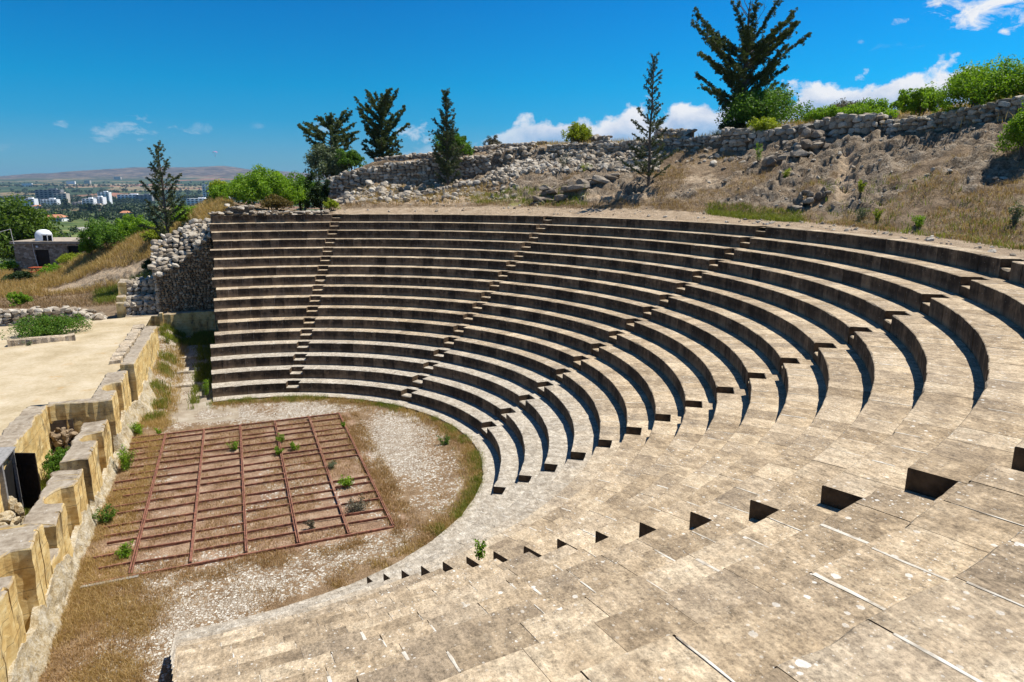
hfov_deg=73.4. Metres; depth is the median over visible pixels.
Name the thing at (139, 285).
stepped wall
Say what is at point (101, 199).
apartment building
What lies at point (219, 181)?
green shrub
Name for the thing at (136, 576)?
loose bar
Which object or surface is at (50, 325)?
flowering shrub
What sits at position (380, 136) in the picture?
cypress tree
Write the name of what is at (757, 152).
plant
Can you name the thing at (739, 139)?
rubble wall
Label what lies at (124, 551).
plant
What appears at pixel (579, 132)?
green shrub
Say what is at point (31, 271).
picnic table
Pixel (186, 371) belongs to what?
paving step
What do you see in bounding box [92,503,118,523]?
plant
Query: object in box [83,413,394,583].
iron grid
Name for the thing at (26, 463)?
door
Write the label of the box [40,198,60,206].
apartment building
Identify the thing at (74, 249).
window
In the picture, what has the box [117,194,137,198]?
apartment building
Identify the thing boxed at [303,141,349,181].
olive bush
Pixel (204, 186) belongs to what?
apartment building
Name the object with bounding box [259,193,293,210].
green shrub
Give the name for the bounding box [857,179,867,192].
plant
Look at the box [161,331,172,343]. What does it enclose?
plant
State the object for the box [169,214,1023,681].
stone seating
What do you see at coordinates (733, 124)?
green shrub
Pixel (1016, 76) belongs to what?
green shrub
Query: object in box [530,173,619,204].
rock outcrop
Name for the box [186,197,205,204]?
apartment building
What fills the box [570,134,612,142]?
rubble wall
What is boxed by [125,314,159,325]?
entrance end wall
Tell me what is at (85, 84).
sky
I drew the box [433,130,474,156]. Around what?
green shrub
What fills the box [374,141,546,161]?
rubble wall
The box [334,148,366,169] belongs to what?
green shrub
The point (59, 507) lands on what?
stage block
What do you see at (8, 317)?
rubble wall
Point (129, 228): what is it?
green shrub
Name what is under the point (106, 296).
dry grass
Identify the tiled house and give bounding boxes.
[47,214,68,220]
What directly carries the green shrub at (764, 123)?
on the hillside
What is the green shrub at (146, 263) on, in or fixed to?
on the hillside
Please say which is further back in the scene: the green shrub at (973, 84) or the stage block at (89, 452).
the green shrub at (973, 84)
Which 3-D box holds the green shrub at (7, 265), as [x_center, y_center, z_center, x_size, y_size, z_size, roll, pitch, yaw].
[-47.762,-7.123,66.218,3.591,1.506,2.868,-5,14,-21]
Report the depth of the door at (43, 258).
65.45 m
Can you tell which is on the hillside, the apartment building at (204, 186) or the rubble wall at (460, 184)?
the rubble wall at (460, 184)
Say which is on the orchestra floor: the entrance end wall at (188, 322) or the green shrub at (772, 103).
the entrance end wall at (188, 322)
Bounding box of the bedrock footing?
[8,351,158,681]
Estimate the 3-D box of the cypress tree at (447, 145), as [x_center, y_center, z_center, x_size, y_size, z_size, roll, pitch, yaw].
[-4.686,-14.453,49.078,2.645,6.942,2.475,-2,13,-7]
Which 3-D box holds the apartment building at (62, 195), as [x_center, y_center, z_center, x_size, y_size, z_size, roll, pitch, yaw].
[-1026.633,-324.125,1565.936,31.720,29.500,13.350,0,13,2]
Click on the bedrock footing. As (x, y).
(29, 663)
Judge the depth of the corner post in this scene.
40.33 m
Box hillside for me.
[0,105,1023,318]
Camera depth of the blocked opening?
24.00 m
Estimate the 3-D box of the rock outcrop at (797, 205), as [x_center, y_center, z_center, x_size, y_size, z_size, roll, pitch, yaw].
[14.019,-6.673,32.423,1.907,1.214,1.286,6,14,25]
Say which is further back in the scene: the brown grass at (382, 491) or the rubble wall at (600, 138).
the rubble wall at (600, 138)
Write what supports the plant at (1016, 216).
on the hillside
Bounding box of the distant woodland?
[0,181,321,263]
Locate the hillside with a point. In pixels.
(894, 153)
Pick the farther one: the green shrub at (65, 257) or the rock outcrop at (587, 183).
the green shrub at (65, 257)
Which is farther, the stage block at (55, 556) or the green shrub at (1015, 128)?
the green shrub at (1015, 128)
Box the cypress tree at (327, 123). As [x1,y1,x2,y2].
[297,107,360,175]
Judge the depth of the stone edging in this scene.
42.05 m
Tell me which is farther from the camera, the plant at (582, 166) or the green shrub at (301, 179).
the green shrub at (301, 179)
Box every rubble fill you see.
[0,496,24,525]
[49,427,77,455]
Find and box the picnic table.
[28,267,41,272]
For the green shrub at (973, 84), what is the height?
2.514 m
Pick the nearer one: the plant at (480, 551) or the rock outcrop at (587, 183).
the plant at (480, 551)
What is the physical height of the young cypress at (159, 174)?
9.618 m
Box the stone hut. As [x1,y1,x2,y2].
[9,237,109,270]
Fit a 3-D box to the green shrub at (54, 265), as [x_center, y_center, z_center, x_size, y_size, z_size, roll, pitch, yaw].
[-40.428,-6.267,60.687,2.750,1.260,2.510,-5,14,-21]
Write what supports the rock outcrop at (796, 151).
on the hillside
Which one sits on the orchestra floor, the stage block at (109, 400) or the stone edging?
the stage block at (109, 400)
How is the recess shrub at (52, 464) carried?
on the orchestra floor
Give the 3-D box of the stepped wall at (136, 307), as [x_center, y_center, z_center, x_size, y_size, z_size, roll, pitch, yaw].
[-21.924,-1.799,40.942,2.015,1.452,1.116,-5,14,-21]
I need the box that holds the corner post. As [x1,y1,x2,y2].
[159,312,163,325]
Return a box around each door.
[14,453,40,508]
[36,250,49,268]
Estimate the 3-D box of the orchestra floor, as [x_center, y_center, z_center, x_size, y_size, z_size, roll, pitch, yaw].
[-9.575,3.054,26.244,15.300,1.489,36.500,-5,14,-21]
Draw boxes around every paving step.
[171,380,206,387]
[174,367,199,373]
[179,353,205,358]
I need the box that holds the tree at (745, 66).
[690,0,811,118]
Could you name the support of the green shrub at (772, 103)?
on the hillside
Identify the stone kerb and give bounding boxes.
[7,333,75,346]
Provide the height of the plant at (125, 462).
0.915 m
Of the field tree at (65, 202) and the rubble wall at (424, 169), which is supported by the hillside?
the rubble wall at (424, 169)
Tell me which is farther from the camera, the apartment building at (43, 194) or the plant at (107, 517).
the apartment building at (43, 194)
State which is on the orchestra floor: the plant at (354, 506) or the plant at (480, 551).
the plant at (354, 506)
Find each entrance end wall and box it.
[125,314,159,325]
[163,309,218,335]
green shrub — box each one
[0,260,19,270]
[0,270,39,281]
[6,291,33,306]
[36,262,64,274]
[56,252,82,263]
[76,216,127,251]
[78,240,99,256]
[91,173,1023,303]
[106,213,160,237]
[139,224,170,240]
[140,259,151,271]
[163,205,197,221]
[205,179,226,192]
[207,180,259,203]
[221,164,305,209]
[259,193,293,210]
[282,171,323,210]
[304,170,331,210]
[323,198,340,210]
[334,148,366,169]
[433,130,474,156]
[561,121,591,142]
[714,83,814,129]
[718,119,747,129]
[746,116,780,130]
[803,104,848,121]
[841,97,898,118]
[888,86,952,116]
[918,53,1023,109]
[942,104,967,111]
[991,64,1023,93]
[991,97,1023,160]
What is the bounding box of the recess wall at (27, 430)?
[0,405,53,512]
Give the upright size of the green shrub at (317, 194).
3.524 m
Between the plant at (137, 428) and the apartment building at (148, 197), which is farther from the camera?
the apartment building at (148, 197)
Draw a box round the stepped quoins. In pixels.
[116,279,128,317]
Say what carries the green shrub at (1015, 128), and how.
on the hillside
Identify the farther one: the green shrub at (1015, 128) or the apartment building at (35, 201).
the apartment building at (35, 201)
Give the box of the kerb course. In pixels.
[109,324,143,363]
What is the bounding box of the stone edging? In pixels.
[208,209,329,222]
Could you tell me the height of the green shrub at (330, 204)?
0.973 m
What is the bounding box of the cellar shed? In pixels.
[0,446,40,513]
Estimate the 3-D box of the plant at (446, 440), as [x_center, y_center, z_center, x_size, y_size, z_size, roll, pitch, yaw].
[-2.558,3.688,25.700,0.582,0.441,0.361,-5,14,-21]
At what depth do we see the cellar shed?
19.72 m
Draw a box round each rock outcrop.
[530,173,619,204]
[761,127,831,166]
[787,186,831,210]
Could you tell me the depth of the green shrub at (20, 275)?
57.82 m
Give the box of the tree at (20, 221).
[0,193,67,262]
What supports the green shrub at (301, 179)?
on the hillside
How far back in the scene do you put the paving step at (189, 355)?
37.05 m
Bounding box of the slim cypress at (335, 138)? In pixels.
[331,132,339,175]
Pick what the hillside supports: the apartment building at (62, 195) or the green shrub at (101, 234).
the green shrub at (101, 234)
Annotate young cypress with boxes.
[136,140,189,241]
[617,52,678,186]
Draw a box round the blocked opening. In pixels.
[50,419,73,446]
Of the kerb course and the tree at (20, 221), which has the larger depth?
the tree at (20, 221)
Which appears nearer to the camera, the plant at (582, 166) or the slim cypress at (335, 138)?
the plant at (582, 166)
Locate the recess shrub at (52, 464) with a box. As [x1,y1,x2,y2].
[42,446,69,478]
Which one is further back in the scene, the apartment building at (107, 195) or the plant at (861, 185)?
the apartment building at (107, 195)
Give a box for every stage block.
[0,524,51,681]
[22,469,87,560]
[47,370,131,452]
[49,548,60,573]
[59,420,113,504]
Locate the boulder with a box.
[66,319,93,328]
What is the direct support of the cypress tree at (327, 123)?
on the hillside
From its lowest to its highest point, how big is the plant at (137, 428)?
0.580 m
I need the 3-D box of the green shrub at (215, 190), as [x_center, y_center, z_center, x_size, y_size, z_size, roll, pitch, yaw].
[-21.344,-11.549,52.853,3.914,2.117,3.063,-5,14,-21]
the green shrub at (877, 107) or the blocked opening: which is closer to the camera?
the blocked opening
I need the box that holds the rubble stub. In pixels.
[224,203,253,213]
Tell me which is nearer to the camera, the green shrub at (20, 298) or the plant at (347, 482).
the plant at (347, 482)
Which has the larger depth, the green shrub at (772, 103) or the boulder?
the green shrub at (772, 103)
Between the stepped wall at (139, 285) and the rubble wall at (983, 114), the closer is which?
the rubble wall at (983, 114)
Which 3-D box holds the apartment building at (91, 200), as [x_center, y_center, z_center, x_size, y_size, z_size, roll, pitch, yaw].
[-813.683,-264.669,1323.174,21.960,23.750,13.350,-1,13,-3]
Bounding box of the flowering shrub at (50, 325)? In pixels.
[0,313,94,338]
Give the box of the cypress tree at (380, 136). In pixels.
[354,87,410,159]
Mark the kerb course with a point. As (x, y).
(122, 350)
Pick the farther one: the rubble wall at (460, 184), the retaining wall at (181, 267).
the rubble wall at (460, 184)
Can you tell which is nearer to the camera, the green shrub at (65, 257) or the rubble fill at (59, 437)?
the rubble fill at (59, 437)
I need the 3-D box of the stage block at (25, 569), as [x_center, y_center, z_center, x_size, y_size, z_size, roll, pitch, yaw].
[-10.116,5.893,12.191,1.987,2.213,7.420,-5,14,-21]
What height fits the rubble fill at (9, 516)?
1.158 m
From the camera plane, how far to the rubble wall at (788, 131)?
39.60 m
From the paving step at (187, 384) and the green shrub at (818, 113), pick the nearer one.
the paving step at (187, 384)
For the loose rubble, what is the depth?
46.81 m
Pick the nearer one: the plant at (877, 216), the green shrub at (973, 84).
the plant at (877, 216)
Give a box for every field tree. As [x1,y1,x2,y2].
[60,199,70,207]
[81,203,98,212]
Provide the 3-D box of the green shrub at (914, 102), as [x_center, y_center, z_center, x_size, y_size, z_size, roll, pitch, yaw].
[21.039,-12.101,35.352,2.868,1.840,2.654,-5,14,-21]
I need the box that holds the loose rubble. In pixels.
[333,126,1015,255]
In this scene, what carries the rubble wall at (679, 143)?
on the hillside
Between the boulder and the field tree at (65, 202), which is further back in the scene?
the field tree at (65, 202)
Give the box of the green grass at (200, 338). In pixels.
[21,321,485,536]
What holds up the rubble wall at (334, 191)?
on the hillside
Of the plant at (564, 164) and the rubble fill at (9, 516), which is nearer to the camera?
the rubble fill at (9, 516)
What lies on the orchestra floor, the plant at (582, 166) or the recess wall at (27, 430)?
the recess wall at (27, 430)
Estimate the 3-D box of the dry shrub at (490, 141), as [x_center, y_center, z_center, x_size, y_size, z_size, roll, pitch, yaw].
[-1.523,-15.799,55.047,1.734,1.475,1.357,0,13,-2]
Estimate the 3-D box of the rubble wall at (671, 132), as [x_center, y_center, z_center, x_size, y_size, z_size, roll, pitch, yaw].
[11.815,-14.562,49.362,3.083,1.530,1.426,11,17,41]
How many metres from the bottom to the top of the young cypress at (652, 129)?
7.590 m
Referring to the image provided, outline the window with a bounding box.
[68,246,80,253]
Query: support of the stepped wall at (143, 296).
on the hillside
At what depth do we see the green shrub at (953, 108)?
32.48 m
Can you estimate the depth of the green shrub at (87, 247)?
59.23 m
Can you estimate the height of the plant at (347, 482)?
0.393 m
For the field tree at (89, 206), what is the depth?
861.64 m
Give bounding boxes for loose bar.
[80,575,138,589]
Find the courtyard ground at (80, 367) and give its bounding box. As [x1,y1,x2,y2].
[0,316,150,435]
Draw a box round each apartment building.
[22,197,38,206]
[34,188,63,202]
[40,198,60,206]
[52,192,70,203]
[66,181,75,183]
[72,201,81,207]
[82,197,96,204]
[93,196,106,204]
[97,191,112,203]
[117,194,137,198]
[135,194,153,201]
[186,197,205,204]
[202,184,209,196]
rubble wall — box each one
[0,305,107,325]
[326,177,337,198]
[329,154,491,199]
[371,177,490,200]
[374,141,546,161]
[546,135,722,153]
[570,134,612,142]
[654,128,696,138]
[720,127,754,151]
[748,116,835,148]
[833,112,892,135]
[878,95,1023,134]
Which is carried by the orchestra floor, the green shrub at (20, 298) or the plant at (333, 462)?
the plant at (333, 462)
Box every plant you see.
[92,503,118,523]
[114,539,133,559]
[115,444,137,470]
[127,421,143,434]
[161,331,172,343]
[202,379,208,395]
[226,440,238,450]
[274,445,283,454]
[275,431,284,442]
[289,441,300,450]
[303,518,315,528]
[327,460,336,468]
[337,475,353,487]
[345,493,370,512]
[436,432,450,444]
[473,538,486,559]
[558,152,568,167]
[580,163,590,171]
[753,143,762,160]
[782,168,790,177]
[854,208,870,219]
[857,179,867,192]
[872,208,884,222]
[911,215,925,227]
[1008,202,1023,226]
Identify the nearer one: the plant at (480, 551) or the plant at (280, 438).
the plant at (480, 551)
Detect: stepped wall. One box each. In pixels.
[124,300,157,315]
[125,275,155,295]
[126,293,155,302]
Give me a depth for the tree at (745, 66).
44.45 m
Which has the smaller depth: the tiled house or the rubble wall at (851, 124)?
the rubble wall at (851, 124)
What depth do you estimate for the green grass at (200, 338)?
31.26 m
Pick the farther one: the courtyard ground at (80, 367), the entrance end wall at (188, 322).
the entrance end wall at (188, 322)
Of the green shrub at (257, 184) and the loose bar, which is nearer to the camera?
the loose bar
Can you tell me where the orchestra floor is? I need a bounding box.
[24,326,479,681]
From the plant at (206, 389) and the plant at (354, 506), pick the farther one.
the plant at (206, 389)
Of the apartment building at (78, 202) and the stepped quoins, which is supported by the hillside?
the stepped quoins
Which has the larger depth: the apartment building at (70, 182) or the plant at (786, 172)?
the apartment building at (70, 182)
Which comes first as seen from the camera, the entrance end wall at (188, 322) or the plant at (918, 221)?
the plant at (918, 221)
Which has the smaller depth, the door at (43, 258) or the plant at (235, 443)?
the plant at (235, 443)
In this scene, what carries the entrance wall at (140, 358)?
on the orchestra floor
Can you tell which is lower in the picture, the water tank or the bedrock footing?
the bedrock footing
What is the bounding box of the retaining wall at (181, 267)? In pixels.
[147,218,216,314]
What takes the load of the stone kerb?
on the courtyard ground at (80, 367)
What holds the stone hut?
on the hillside
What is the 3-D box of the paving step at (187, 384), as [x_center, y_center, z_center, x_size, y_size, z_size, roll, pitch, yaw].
[-15.738,2.136,33.392,1.779,0.246,0.632,-5,14,-21]
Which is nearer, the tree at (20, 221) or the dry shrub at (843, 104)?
the dry shrub at (843, 104)
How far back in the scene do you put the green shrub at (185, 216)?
51.08 m
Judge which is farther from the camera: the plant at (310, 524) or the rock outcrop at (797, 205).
the rock outcrop at (797, 205)
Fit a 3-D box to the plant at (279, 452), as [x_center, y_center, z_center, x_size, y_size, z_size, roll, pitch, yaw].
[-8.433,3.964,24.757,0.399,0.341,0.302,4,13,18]
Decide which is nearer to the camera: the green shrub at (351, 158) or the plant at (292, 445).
the plant at (292, 445)
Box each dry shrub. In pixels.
[483,134,501,144]
[830,97,865,108]
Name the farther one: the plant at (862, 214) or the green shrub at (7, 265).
the green shrub at (7, 265)
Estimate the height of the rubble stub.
1.034 m
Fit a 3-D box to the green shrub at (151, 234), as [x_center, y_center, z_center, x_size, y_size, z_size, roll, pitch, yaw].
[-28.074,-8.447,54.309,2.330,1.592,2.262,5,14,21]
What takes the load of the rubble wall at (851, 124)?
on the hillside
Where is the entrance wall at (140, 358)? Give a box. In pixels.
[120,326,159,401]
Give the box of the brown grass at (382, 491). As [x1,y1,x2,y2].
[36,396,482,681]
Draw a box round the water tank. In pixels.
[35,229,52,240]
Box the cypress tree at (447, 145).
[428,88,465,184]

_____

* Exercise *
Filter the entries above down to the lines that hold the word "supported", and copy those lines.

* Response for this exercise *
Of the field tree at (65, 202) and the rubble wall at (424, 169), which is supported by the hillside?
Of the apartment building at (78, 202) and the stepped quoins, which is supported by the hillside?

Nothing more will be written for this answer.